-- Task description --
Every line below that has "width" in it should be copied.

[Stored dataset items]
▬▬▬▬▬▬▬▬▬▬
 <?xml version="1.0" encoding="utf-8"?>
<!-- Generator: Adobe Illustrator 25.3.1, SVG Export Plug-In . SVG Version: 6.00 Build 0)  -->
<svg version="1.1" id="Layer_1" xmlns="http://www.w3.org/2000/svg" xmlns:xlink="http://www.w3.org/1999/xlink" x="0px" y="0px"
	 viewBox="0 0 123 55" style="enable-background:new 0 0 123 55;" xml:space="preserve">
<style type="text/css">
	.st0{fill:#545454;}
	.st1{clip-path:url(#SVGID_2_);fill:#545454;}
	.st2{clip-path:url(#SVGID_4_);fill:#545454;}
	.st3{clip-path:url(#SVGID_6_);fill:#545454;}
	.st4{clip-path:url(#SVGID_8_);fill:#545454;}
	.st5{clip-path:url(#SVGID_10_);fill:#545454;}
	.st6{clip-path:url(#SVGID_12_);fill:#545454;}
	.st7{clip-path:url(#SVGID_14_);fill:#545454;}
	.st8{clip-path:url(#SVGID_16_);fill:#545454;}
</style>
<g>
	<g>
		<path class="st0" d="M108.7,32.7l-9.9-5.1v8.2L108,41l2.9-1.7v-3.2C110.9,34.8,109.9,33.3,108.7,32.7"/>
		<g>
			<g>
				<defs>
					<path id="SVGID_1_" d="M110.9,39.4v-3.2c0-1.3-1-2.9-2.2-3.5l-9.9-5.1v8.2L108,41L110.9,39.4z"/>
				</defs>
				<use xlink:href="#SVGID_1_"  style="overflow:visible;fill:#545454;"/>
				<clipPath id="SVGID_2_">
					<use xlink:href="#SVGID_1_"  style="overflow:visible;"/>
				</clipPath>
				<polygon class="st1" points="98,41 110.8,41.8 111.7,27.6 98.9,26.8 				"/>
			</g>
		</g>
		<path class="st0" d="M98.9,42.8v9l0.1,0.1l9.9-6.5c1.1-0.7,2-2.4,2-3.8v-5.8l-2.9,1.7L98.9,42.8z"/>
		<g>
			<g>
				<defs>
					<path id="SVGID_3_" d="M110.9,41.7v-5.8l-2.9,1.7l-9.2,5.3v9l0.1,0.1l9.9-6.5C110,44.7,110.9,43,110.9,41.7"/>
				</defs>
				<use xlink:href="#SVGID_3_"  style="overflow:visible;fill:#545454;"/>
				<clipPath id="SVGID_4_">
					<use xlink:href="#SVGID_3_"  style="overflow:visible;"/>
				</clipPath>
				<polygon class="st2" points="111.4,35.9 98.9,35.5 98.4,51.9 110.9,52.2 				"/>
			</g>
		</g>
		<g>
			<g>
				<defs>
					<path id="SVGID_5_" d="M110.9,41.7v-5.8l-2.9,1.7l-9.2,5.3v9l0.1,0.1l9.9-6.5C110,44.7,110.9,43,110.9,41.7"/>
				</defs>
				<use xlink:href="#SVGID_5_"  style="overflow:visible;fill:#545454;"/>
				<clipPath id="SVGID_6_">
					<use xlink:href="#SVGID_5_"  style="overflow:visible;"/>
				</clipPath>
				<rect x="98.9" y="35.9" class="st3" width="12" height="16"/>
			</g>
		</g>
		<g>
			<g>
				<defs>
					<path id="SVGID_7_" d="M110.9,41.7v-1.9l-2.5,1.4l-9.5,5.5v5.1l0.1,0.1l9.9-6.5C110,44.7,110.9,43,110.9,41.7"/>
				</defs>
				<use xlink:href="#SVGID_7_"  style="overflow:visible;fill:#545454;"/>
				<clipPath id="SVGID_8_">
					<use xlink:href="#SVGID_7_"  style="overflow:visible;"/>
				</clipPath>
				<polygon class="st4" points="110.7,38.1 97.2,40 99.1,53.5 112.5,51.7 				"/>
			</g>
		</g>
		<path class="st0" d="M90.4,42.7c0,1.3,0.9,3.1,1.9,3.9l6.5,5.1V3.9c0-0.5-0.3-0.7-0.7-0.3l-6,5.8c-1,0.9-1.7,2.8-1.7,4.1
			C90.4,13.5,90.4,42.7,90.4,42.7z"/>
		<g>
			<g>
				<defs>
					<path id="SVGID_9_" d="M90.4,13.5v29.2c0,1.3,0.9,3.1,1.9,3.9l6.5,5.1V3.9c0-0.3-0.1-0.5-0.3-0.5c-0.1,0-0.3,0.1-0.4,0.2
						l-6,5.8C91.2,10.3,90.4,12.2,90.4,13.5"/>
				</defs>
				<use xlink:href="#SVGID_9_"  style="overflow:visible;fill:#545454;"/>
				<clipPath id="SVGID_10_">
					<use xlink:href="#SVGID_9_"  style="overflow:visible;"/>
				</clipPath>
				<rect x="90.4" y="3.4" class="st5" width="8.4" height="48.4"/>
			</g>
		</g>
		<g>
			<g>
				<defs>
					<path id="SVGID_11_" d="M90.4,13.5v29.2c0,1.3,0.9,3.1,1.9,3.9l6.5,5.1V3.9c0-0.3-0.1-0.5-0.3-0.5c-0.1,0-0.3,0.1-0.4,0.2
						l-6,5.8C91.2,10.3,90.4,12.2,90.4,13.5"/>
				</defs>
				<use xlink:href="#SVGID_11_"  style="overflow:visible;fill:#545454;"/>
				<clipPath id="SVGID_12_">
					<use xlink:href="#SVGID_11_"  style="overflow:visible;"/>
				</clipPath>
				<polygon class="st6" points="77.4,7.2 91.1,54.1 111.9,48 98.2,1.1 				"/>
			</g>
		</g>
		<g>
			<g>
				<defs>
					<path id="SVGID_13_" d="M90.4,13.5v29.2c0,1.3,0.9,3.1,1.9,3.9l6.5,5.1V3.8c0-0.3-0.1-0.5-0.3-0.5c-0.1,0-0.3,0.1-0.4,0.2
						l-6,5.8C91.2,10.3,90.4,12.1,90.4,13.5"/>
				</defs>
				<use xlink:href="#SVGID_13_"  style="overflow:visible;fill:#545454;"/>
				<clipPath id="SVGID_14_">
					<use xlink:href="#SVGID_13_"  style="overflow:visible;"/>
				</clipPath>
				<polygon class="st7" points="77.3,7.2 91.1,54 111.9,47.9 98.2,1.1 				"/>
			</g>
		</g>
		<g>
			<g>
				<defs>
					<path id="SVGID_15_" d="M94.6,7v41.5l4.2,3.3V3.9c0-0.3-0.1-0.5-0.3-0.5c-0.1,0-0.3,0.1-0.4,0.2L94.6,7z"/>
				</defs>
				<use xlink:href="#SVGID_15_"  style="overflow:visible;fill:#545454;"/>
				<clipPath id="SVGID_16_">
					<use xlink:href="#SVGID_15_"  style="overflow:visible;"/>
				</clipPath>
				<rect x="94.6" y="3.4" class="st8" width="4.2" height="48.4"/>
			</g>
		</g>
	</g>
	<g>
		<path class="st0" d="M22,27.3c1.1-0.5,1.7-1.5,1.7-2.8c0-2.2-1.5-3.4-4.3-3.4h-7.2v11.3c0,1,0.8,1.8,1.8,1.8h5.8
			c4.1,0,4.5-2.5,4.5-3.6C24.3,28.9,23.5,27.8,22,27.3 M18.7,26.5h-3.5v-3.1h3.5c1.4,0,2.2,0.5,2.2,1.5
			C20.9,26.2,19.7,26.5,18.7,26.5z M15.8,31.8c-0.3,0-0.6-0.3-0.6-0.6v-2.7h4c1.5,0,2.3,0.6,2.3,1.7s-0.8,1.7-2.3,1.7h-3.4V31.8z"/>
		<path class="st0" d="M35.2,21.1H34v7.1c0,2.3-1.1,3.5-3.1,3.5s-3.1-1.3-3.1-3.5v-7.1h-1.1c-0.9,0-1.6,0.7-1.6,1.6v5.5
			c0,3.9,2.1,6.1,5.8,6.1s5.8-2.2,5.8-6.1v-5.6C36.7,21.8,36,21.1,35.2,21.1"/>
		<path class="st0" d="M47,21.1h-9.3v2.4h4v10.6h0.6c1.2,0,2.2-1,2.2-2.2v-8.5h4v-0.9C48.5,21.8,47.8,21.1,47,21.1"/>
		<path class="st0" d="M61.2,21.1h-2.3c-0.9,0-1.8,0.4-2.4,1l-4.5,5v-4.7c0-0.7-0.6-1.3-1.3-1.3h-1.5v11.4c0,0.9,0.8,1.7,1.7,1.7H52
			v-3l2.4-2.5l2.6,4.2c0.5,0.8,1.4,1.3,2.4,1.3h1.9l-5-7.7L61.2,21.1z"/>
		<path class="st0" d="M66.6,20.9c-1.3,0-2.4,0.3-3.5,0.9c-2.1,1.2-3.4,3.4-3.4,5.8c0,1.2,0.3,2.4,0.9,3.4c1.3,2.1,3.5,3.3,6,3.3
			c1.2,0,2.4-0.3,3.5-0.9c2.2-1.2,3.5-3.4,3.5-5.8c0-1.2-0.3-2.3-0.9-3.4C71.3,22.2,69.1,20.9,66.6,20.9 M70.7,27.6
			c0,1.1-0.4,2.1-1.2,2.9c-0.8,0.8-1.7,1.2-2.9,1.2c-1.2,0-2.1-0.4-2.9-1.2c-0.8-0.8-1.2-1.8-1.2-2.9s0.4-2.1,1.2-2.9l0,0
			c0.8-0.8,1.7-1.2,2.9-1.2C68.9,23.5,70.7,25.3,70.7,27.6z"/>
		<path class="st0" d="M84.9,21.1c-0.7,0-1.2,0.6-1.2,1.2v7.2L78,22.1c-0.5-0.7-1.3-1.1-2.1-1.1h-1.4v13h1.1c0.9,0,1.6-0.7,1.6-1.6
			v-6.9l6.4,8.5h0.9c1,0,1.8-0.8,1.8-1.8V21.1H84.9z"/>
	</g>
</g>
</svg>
▬▬▬▬▬▬▬▬▬▬
-- Written response --
				<rect x="98.9" y="35.9" class="st3" width="12" height="16"/>
				<rect x="90.4" y="3.4" class="st5" width="8.4" height="48.4"/>
				<rect x="94.6" y="3.4" class="st8" width="4.2" height="48.4"/>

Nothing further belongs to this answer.